En aquel momento, más que en ningún otro,
deseó que tía Mycelle estuviera allí. Necesitaba la sabiduría y los
consejos prácticos de aquella mujer.
Por fin, Elena se decidió por el pasillo
lateral, convencida de que sin duda aquél era el camino más seguro.
Aunque el Libro fuera una trampa, era mejor volver a reunirse con
Joach y los demás. Seguro que tía Mycelle aprobaría aquella
decisión tan juiciosa... ¿y si no fuera así?

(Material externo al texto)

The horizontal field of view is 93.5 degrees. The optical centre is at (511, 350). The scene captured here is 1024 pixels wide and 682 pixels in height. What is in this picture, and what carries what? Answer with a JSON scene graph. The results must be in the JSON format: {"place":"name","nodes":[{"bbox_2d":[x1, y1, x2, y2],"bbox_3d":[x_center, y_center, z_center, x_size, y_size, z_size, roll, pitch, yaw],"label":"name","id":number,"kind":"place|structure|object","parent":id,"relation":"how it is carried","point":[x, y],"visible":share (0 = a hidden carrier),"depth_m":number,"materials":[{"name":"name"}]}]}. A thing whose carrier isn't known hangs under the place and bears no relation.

Elena se quedó quieta en el umbral de la
entrada. Tiempo atrás, en Shadowbrook, tía Mycelle le había
comentado que seguramente había un motivo por el cual la persona
destinada a portar el estandarte de la libertad fuera una mujer y
no un hombre. En aquel tiempo, su tía le había contado su propia
teoría: el destino último de Alasea no tenía que depender de la
capacidad mágica de una mujer, sino de la fuerza de su
corazón.
Mientras Elena meditaba sobre aquellas
palabras, las dos fuentes de luz se desvanecieron por completo y
las sombras se desplomaron sobre ella. En la oscuridad, vio la
única lágrima de Er'ril, que había brillado como la plata a la luz
de la antorcha.
Elena salió del pasillo lateral y regresó a
las catacumbas oscuras. Mentalmente intentó razonar aquella
decisión. Tenía que seguir a Er'ril para descubrir su verdadera
lealtad, pero a la muchacha no le hacía falta esa justificación
para su decisión. Ya tenía los pies en la explanada en espiral y se
movía cada vez con mayor rapidez. Estaba convencida. Su corazón no
le permitiría alejarse del lado de Er'ril.

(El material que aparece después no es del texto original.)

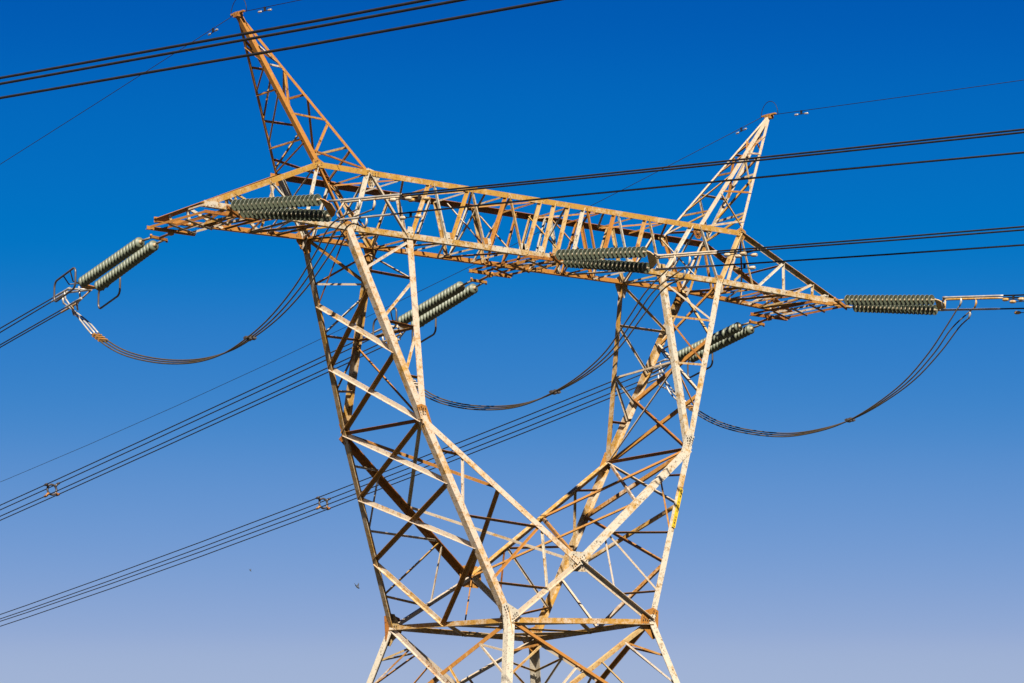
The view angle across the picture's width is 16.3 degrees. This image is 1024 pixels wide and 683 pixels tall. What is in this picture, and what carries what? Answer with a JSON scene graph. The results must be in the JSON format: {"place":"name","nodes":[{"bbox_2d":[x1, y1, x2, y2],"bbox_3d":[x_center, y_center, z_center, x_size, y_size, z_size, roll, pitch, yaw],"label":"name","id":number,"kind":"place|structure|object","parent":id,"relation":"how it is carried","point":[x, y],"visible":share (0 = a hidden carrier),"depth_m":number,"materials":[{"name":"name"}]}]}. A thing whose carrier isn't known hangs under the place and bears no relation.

Y, de momento, eso era suficiente.
Meric corría delante de Tol'chuk y Mama
Freda por las calles de A'loa Glen. A su alrededor, la ciudad
estaba sumida en el caos y unas columnas de humo mancillaban el
horizonte. Detrás de las murallas de piedra se oía el eco de gritos
y aullidos. La ciudadela situada en lo alto del Monte Orr seguía
retumbando mientras ladrillos y trozos de muro se precipitaban
desde lo alto y caían con un enorme estrépito en las calles más
bajas. En los cielos, los vientres hinchados de los barcos de
guerra permanecían suspendidos en el aire, trazando círculos
lentos, como los buitres. Detrás de la cortina de humo, las puntas
aguzadas de los rayos atravesaban el aire procedentes de los barcos
suspendidos.
—¡Ellos va a atacar otra vez! —gritó
Tol'chuk a Meric—. Un ataque más y el castillo es una ruina.

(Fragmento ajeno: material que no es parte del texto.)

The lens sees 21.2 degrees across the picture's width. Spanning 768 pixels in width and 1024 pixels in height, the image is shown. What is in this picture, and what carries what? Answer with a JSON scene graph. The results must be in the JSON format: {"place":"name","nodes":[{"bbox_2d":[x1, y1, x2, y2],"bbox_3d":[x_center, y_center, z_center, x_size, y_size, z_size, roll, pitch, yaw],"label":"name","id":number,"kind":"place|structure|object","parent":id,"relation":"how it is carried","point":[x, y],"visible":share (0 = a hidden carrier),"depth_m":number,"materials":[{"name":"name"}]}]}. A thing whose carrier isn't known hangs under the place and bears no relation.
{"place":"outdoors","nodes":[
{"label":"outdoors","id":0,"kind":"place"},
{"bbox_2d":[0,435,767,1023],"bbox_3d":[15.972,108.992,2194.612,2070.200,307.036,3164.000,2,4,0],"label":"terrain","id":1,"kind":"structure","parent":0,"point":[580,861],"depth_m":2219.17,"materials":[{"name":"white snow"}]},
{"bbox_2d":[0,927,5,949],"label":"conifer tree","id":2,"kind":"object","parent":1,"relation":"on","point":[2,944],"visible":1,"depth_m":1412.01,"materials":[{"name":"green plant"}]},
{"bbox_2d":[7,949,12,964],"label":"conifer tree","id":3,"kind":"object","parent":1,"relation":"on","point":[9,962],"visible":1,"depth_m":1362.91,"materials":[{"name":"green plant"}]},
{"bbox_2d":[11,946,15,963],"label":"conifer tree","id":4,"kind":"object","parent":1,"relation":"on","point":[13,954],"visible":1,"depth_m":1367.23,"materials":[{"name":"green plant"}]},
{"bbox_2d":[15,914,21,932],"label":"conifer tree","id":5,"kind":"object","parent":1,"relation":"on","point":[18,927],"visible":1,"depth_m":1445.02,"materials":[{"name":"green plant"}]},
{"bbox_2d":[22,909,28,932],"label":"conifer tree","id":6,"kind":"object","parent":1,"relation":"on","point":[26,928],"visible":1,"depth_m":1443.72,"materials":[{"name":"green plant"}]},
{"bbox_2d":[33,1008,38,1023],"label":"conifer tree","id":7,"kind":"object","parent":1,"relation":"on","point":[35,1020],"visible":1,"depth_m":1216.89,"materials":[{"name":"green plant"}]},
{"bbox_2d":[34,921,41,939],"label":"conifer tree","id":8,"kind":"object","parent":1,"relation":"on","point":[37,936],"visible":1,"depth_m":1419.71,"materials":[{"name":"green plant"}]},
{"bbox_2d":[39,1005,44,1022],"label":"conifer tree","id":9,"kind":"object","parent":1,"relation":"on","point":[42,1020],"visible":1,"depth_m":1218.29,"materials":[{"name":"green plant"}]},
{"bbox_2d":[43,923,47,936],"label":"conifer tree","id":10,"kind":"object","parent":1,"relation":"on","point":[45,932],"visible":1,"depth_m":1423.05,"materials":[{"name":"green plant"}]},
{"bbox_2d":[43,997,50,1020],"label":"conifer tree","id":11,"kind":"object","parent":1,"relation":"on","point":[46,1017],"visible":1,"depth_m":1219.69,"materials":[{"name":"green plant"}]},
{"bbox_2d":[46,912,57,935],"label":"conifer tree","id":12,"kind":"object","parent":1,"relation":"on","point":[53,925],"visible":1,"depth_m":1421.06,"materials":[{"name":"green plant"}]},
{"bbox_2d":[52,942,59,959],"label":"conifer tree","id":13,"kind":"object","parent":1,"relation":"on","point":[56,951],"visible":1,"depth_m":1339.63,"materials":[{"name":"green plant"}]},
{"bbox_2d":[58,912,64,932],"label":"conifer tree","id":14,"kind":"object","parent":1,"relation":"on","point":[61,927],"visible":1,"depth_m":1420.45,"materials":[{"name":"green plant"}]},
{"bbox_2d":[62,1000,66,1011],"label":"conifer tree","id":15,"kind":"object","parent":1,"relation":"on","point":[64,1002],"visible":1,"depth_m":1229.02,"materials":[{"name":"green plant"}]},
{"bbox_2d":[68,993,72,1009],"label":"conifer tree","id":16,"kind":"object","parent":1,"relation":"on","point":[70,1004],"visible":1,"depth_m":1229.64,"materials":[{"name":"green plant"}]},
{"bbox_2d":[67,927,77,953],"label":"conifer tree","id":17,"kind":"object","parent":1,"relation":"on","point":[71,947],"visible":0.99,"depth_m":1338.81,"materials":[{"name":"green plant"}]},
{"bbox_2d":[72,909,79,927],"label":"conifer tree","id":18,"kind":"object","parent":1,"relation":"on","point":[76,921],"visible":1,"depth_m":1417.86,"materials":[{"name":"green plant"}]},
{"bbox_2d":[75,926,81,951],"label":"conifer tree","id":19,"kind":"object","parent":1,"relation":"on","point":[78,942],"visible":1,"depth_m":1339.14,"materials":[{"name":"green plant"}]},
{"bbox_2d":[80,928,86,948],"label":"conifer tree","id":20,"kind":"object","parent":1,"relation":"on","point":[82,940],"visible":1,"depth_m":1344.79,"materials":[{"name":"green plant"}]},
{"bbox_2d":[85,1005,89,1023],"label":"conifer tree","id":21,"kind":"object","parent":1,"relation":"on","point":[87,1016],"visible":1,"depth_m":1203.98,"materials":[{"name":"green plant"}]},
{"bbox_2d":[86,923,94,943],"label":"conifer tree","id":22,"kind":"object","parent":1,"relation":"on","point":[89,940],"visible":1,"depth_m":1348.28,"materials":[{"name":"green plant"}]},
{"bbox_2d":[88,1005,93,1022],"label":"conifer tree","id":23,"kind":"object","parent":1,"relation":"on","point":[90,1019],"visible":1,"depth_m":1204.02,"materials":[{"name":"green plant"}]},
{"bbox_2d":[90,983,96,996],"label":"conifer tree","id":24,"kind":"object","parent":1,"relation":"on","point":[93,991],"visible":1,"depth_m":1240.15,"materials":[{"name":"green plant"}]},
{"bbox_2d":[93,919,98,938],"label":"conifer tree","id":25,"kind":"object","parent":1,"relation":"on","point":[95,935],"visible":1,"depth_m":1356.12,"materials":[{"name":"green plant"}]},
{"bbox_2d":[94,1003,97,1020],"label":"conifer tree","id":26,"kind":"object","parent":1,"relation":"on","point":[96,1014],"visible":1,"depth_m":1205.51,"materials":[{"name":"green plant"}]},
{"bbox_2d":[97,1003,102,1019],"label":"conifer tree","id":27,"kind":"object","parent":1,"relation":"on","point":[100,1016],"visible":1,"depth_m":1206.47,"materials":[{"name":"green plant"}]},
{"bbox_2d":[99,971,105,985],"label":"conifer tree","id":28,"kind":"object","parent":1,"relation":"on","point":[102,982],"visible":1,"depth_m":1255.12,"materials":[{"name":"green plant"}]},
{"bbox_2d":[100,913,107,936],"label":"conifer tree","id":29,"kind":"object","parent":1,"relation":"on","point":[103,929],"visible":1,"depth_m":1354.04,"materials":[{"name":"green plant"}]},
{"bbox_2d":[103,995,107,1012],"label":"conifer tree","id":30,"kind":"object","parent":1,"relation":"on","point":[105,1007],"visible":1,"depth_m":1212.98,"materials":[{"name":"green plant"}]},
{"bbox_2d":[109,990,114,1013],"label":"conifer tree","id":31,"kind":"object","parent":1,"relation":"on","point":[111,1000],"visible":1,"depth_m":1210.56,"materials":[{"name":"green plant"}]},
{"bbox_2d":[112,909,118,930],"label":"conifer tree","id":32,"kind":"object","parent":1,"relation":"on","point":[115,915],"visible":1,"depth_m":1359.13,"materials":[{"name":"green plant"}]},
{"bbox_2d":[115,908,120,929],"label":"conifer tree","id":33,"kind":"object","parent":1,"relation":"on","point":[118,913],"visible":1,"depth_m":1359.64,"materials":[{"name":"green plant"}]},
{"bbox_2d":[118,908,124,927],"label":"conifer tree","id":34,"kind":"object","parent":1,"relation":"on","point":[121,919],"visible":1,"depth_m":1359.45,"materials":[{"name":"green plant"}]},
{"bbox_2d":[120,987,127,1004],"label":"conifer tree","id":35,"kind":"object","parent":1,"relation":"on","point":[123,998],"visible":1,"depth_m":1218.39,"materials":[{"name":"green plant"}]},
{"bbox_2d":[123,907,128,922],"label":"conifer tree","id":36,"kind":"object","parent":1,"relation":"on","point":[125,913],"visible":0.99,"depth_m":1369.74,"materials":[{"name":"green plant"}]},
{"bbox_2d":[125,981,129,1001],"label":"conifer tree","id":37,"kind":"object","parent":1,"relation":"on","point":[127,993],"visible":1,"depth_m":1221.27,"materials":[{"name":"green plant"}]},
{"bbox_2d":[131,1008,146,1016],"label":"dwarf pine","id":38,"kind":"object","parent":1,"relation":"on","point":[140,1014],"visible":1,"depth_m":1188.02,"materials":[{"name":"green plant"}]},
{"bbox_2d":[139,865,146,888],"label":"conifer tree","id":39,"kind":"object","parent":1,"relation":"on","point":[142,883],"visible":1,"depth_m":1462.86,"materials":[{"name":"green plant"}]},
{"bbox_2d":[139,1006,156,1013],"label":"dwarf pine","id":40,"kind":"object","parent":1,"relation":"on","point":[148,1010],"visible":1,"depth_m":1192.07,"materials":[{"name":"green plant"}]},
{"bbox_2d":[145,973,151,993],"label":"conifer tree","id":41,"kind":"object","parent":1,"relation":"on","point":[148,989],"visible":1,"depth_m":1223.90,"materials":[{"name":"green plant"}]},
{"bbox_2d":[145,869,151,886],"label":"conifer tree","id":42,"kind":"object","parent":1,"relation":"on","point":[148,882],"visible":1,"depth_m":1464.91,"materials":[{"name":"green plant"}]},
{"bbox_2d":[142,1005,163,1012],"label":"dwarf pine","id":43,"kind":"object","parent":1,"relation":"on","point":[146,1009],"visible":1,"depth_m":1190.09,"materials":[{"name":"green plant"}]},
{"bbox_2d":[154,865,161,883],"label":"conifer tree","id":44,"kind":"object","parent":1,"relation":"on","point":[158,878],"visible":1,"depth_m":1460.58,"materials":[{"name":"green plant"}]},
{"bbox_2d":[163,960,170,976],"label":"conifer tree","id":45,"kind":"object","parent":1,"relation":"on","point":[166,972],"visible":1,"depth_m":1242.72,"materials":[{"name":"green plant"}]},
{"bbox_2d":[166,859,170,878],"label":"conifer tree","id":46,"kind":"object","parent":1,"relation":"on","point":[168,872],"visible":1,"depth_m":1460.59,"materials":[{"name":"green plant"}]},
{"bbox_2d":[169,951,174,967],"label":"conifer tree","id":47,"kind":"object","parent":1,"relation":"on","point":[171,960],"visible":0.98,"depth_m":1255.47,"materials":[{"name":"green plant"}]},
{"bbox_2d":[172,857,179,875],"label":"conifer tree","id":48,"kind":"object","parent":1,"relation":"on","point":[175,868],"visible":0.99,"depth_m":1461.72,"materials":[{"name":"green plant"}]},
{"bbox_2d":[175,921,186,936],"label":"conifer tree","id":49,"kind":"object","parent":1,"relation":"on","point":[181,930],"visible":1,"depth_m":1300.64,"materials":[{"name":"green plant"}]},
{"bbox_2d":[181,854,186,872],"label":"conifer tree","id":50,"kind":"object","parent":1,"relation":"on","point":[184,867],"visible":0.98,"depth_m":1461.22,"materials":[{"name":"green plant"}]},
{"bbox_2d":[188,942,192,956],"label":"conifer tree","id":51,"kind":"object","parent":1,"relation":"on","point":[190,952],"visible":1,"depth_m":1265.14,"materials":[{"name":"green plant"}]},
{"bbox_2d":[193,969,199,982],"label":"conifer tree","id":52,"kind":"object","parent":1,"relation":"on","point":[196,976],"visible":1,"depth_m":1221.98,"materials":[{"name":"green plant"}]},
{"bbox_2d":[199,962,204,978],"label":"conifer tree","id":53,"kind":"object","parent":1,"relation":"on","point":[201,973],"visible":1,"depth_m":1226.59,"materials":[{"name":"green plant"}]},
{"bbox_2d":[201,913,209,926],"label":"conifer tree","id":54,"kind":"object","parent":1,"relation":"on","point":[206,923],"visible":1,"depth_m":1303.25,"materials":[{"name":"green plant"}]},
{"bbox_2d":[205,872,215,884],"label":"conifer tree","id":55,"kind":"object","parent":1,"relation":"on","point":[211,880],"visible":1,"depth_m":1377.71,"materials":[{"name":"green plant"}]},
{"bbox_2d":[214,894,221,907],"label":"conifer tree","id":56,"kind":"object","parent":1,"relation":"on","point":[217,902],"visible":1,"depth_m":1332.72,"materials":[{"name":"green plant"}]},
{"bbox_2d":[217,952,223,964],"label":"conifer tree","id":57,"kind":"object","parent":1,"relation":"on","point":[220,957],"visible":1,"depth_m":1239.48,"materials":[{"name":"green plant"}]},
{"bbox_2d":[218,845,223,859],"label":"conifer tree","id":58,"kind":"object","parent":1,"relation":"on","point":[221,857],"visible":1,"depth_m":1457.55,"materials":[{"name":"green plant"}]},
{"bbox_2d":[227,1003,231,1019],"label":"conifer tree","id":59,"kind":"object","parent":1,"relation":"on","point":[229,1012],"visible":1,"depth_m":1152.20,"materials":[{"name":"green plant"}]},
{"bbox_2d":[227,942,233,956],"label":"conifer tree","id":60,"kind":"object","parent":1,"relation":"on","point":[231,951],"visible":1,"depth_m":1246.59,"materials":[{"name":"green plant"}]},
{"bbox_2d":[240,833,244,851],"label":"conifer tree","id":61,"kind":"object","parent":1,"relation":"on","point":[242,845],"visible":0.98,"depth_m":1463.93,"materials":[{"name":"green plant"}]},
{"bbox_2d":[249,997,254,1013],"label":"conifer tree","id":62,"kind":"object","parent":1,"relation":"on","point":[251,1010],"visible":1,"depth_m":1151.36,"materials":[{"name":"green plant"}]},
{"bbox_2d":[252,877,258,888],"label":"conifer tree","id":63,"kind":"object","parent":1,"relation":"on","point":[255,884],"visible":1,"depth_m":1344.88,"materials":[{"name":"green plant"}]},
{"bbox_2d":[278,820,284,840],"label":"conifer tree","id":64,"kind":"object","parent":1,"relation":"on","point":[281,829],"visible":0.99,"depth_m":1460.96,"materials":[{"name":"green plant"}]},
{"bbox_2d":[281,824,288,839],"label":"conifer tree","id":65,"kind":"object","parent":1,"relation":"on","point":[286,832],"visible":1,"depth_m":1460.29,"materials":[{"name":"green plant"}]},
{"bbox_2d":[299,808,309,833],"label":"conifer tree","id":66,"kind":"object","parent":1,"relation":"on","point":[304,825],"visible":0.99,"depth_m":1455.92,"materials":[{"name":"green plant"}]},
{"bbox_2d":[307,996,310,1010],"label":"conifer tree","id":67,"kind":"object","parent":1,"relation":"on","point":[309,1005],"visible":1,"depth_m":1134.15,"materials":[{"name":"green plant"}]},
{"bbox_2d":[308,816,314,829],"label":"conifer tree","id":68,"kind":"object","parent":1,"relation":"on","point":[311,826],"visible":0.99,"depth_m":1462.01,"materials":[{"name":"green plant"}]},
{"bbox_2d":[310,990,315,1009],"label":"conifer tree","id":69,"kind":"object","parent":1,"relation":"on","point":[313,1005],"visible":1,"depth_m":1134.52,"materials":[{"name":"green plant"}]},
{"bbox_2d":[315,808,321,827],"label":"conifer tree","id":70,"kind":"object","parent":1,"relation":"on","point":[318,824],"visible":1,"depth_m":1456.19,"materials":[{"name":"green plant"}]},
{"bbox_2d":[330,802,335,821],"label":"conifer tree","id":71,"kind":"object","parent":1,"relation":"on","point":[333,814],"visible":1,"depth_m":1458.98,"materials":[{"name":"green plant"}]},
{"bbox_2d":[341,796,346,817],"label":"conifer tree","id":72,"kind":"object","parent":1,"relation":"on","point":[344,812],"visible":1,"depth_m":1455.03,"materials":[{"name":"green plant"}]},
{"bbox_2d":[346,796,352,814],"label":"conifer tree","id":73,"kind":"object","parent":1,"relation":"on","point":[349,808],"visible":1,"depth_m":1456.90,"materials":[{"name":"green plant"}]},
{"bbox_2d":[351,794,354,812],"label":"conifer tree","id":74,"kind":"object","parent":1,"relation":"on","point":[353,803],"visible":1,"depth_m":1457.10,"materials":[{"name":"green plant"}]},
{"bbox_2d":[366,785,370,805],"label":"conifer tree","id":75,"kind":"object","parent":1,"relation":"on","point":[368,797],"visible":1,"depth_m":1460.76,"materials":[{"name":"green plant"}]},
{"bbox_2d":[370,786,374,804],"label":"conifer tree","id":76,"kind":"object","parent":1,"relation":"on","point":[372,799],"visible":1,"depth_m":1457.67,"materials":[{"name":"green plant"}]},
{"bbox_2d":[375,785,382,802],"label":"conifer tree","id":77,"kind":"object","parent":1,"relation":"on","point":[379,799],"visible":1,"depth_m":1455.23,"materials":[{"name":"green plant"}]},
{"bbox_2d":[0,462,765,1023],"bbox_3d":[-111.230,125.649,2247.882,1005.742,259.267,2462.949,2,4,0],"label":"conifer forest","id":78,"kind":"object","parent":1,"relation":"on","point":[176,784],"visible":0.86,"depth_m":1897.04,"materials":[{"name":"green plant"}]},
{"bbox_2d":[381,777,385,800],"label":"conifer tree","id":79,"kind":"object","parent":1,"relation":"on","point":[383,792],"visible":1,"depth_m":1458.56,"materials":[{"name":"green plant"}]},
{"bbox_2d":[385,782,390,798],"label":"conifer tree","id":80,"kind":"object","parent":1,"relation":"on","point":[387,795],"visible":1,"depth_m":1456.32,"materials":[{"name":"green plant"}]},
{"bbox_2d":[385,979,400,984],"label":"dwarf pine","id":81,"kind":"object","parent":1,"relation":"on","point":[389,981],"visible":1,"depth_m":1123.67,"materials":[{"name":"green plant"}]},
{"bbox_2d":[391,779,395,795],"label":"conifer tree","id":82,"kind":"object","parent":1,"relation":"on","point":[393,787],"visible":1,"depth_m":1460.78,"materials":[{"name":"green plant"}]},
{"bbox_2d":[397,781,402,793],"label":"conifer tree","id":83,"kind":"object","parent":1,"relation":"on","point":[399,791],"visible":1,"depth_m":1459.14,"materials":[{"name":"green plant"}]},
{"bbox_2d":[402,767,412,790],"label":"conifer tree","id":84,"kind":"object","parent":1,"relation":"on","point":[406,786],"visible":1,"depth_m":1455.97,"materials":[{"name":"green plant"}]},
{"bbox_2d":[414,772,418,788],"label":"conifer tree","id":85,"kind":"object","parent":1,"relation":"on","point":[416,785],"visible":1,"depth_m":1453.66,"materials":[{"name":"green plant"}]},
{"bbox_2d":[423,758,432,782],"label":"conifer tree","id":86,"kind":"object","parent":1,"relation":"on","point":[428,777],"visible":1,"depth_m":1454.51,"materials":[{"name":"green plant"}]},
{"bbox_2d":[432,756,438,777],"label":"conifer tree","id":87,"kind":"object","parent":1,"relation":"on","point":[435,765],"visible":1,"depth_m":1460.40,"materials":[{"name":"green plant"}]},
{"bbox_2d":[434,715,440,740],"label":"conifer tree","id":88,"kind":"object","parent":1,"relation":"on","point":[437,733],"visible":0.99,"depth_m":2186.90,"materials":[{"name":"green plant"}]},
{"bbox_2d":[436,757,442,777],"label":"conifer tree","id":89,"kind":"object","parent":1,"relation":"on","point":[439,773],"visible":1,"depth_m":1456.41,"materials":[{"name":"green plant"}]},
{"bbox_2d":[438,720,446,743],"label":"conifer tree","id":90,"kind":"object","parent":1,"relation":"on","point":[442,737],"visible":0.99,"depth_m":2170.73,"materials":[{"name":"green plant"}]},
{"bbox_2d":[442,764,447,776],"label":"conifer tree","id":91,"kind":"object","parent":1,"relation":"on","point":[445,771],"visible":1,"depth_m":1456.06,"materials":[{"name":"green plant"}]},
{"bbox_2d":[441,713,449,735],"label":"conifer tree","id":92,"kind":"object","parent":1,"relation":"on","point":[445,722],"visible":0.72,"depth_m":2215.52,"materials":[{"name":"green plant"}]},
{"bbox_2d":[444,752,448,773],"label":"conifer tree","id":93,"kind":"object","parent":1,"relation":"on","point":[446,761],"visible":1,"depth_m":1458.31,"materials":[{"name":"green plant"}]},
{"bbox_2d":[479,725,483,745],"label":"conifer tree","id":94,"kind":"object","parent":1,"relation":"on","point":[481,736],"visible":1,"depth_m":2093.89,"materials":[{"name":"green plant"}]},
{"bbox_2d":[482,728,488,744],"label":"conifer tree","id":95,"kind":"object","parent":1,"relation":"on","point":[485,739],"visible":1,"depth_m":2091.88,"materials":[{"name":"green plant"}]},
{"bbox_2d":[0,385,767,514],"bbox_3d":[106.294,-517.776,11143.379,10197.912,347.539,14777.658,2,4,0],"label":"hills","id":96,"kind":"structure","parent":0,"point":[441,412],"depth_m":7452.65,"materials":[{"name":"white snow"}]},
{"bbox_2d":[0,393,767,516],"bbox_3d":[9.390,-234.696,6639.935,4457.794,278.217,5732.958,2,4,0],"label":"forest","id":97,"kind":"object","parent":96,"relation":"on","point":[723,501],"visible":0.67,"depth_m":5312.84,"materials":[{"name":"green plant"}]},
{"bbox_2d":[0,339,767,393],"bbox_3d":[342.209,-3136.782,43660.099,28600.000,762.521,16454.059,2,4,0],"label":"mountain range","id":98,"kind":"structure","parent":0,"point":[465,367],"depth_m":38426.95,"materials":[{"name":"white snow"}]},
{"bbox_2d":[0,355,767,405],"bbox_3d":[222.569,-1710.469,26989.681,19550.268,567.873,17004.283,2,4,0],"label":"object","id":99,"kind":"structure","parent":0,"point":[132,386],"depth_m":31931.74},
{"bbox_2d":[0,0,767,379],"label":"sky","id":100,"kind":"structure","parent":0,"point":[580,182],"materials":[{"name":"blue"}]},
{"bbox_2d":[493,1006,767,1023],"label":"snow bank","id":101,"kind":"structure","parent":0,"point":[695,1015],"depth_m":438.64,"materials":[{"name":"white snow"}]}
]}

Meric se detuvo y miró hacia lo alto en el
momento en que pasó una bandada de pájaros monstruosos que agitaban
las alas nerviosos. Eran más skal'tum aterrados. Desde su huida de
las catacumbas, el grupo había avistado muchas fracciones como
aquella del ejército de los skal'tum. Los monstruos, forzosamente
separados en grupos, intentaban escapar a la llegada de los barcos
de guerra de los elfos. Meric imaginó los ojos de esos monstruos
clavados en lo alto del cielo.
En cuanto los skal'tum pasaron, Meric
observó que Tol'chuk tenía razón. Otras cinco Nubes Tormentosas se
disponían a formar un círculo en lo alto de la colina. El
Acecho Solar, el buque insignia de su
madre, se encontraba todavía suspendido en lo alto de aquel
castillo humeante. Al verlo se le encogió el corazón. Todo esto
ocurría por su culpa.
—¡Tenemos que ir más rápido! —gritó Meric
por encima del fragor de la batalla.
Tol'chuk se acercó. Tenía el rostro lívido
de cansancio. Había cargado con Mama Freda la mayor parte del
camino. Sacó de su funda el Try'sil, el martillo de los enanos, que
llevaba a la espalda.
—Nosotros está suficiente cerca. Encuentra
nosotros ahora una plaza despejada y prueba.
Meric negó con la cabeza.
—No lo verán jamás a no ser que nos pongamos
debajo mismo de sus narices.
Tol'chuk señaló a los barcos que tomaban
posición.
—O nosotros lo prueba ahora, o nosotros lo
pierde todo.
Meric suspiró con fuerza. Aunque estaba
convencido de que aquello no serviría de nada, el ogro tenía razón.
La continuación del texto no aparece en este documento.